Wednesday, February 28, 2007

BBC NEWS | Business | Is Sainsbury's set to be taken over?

I love grocery stores and we just covered leasing in my Problems in Finance Class, so I couldn't pass this one up:

BBC NEWS | Business | Is Sainsbury's set to be taken over?:
"While it has not revealed any details of its proposed plans, retail analysts agree that the consortium has its eyes on the property value of the Sainsbury's stores, which are often located in city centres where commercial property is expensive.

'They would sell off a huge chuck of the Sainsbury's stores, and then lease them back,' says David Stoddard of Teather and Greenwood.

'This could release a huge amount of cash.'"

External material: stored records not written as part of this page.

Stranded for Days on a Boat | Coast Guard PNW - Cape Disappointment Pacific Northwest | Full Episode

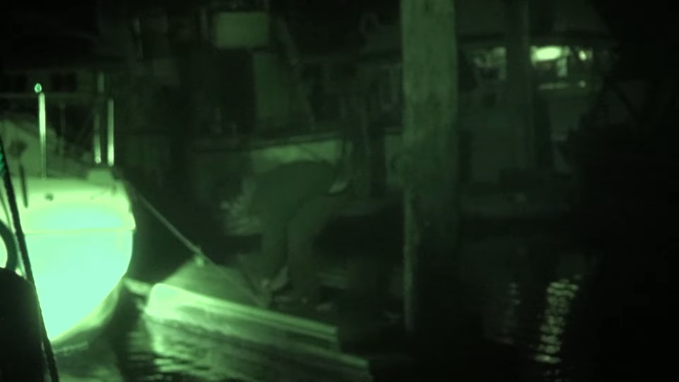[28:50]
All right. We recommend everybody have a very seaworthy boat, especially out here. He was fine in relatively calm weather. But anything further than that, he probably would have been in serious trouble. Cape 556.
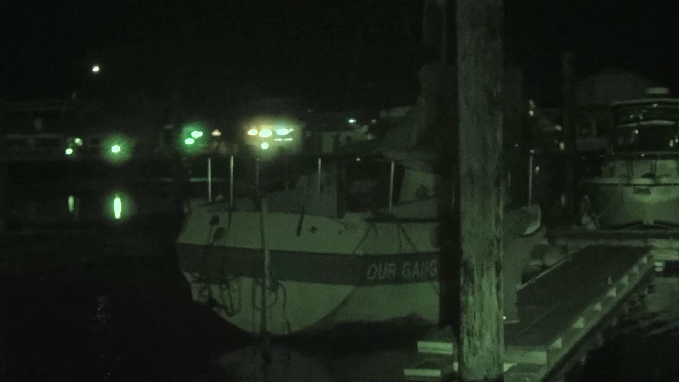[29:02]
Sailing vessel is safely moored. We're RTB. Cape 232. Commencing fifth leg of the search pattern. Negative results.
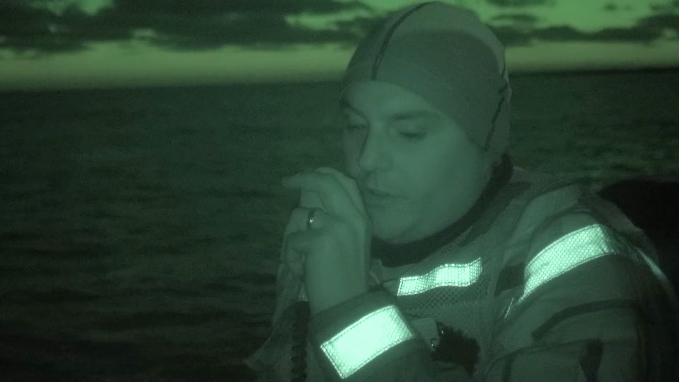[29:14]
222 cable roger. We're in the water. They've been in it for a bit. Yeah.
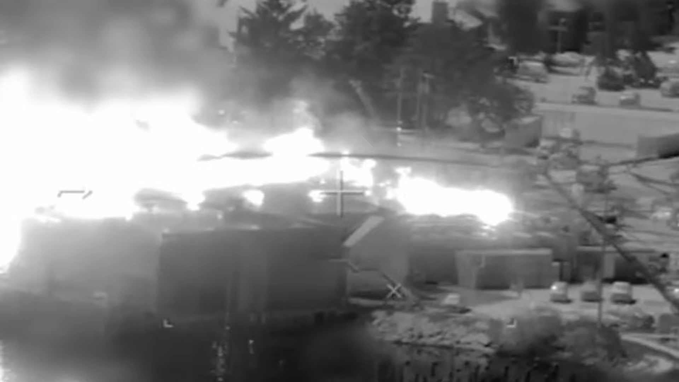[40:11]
I guarantee warrants and fire is overwhelmed. Flames are going nuts.
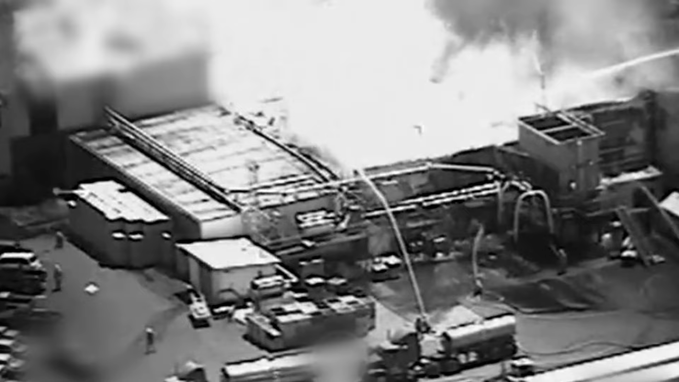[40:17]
Dude, that's crazy! The entire channel is just engulfed in smoke.
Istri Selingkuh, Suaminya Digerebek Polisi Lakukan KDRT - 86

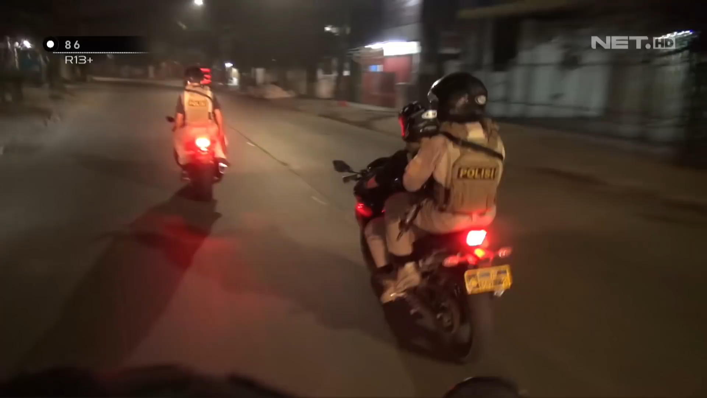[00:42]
Tim Tiger melaksanakan patroli untuk menjaga Kamtibmas selalu kondusif di wilayah hukum Polres Metro Jakarta Utara.
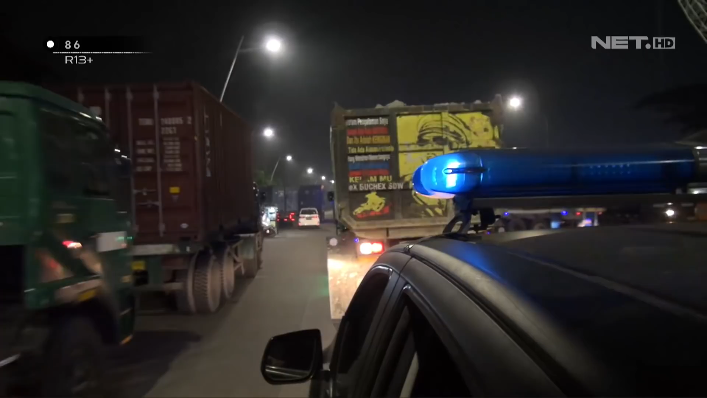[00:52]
Kami mendapatkan laporan masyarakat melalui hotline Tim Tiger tentang adanya tindakan KDRT yang terjadi di wilayah PLTU. Tim Tiger pun langsung menuju lokasi yang dimaksud.
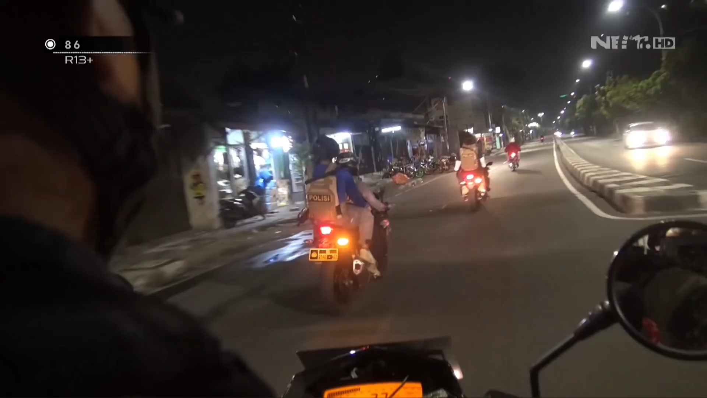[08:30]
Menindaklanjuti laporan para supir truk yang melintas di Jakarta Utara dan juga sesuai atensi Kapolri terkait pemberantasan premanisme dan pungli.
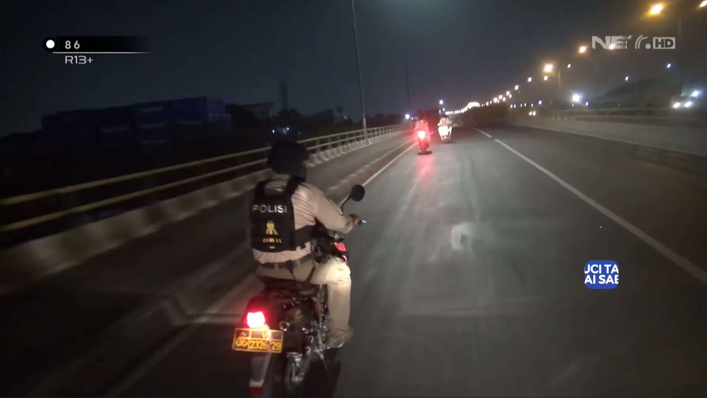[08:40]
Tim Tiger melaksanakan patroli di titik-titik rawan terjadinya pungli.
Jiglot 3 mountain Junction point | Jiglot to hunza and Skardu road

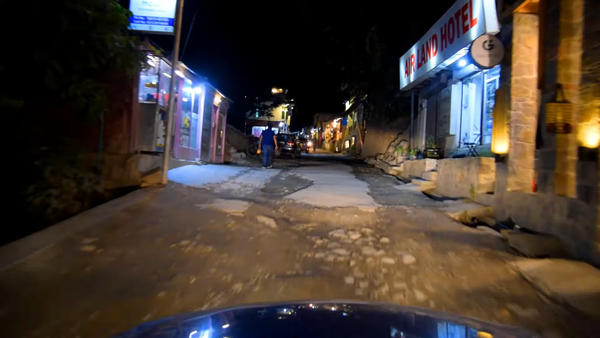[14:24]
तो राकापोशी व्यू पॉइंट देखने के बाद हम पहुंच चुके हैं अभी हुंजा वैली।
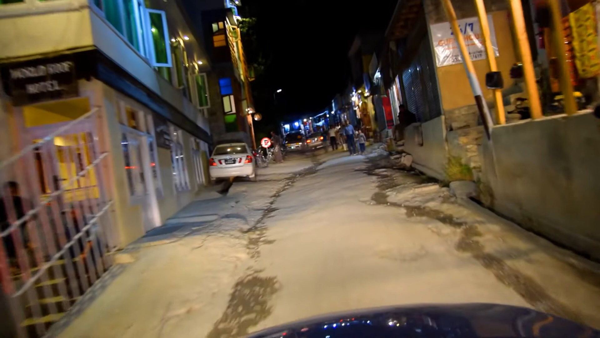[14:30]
तो जैसे हम हुंजा पहुंचे हैं तो यहाँ हो चुके हैं शाम, और काफ़ी अंधेरा भी हो चुका है, और ये वीडियो भी काफ़ी लंबी हो चुकी है।
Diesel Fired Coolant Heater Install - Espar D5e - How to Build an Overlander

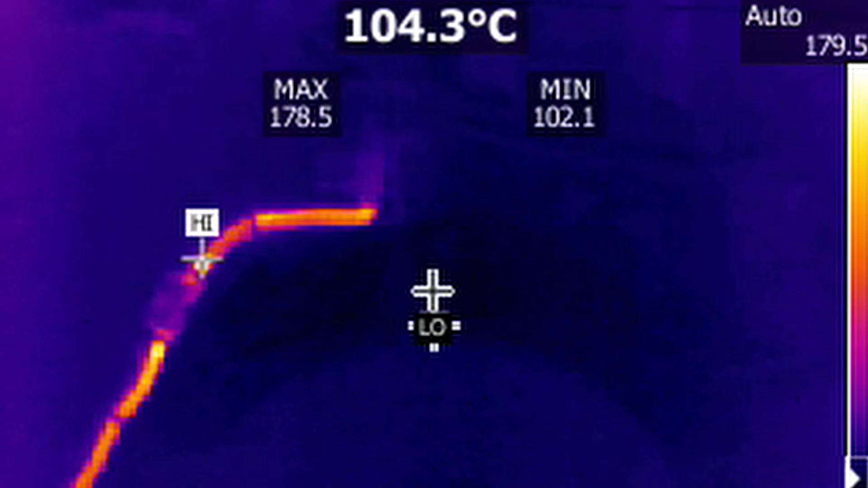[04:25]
On screen: spot 104.3°C
so breaking out the thermal camera this is it on a cold start then about five minutes later the block is starting to heat up
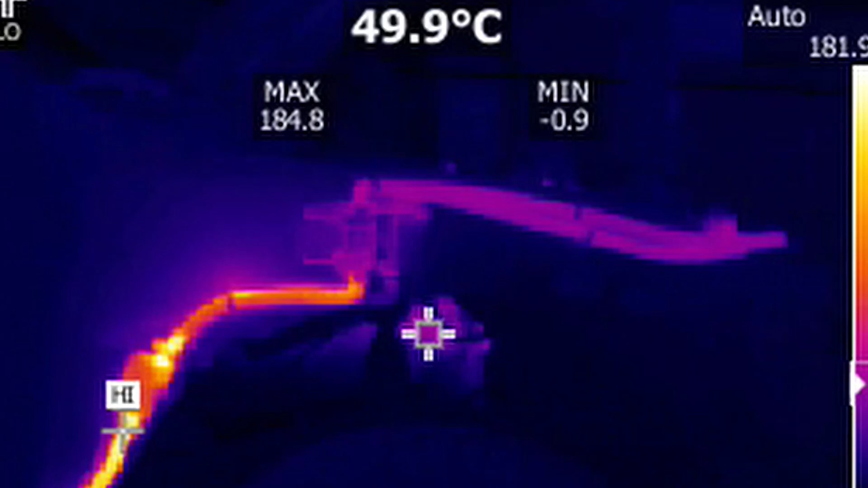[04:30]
On screen: spot 49.9°C
and after 15 minutes 20 minutes maybe it's a rate up at operating temperature
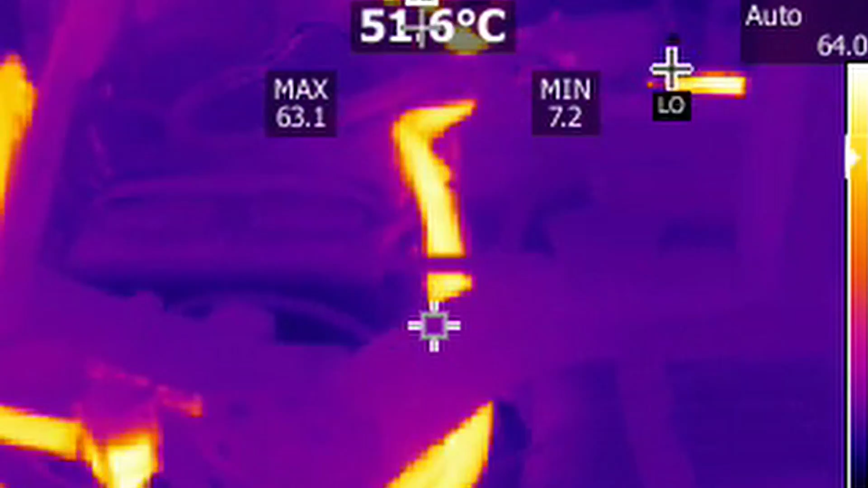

Of course this assumes that the private equity group has better access to capital (someone has to provide the cash). This was touched on later in the article:
"However, the other major factor that most analysts say would enable the Sainsbury's board to successfully see off any bid, is the private equity group's expected plans for major store sales and lease backs.

"The Sainsbury's management are in a very strong position,"...."They can, for example, simply say to the shareholders that they will sell off the stores themselves, that they can do this on their own without a private equity group having to take its slice.""

mmm...wouldn't this make a nice essay? "Give economically justified reasons why a lease would/would not make sense in the Sainsbury case."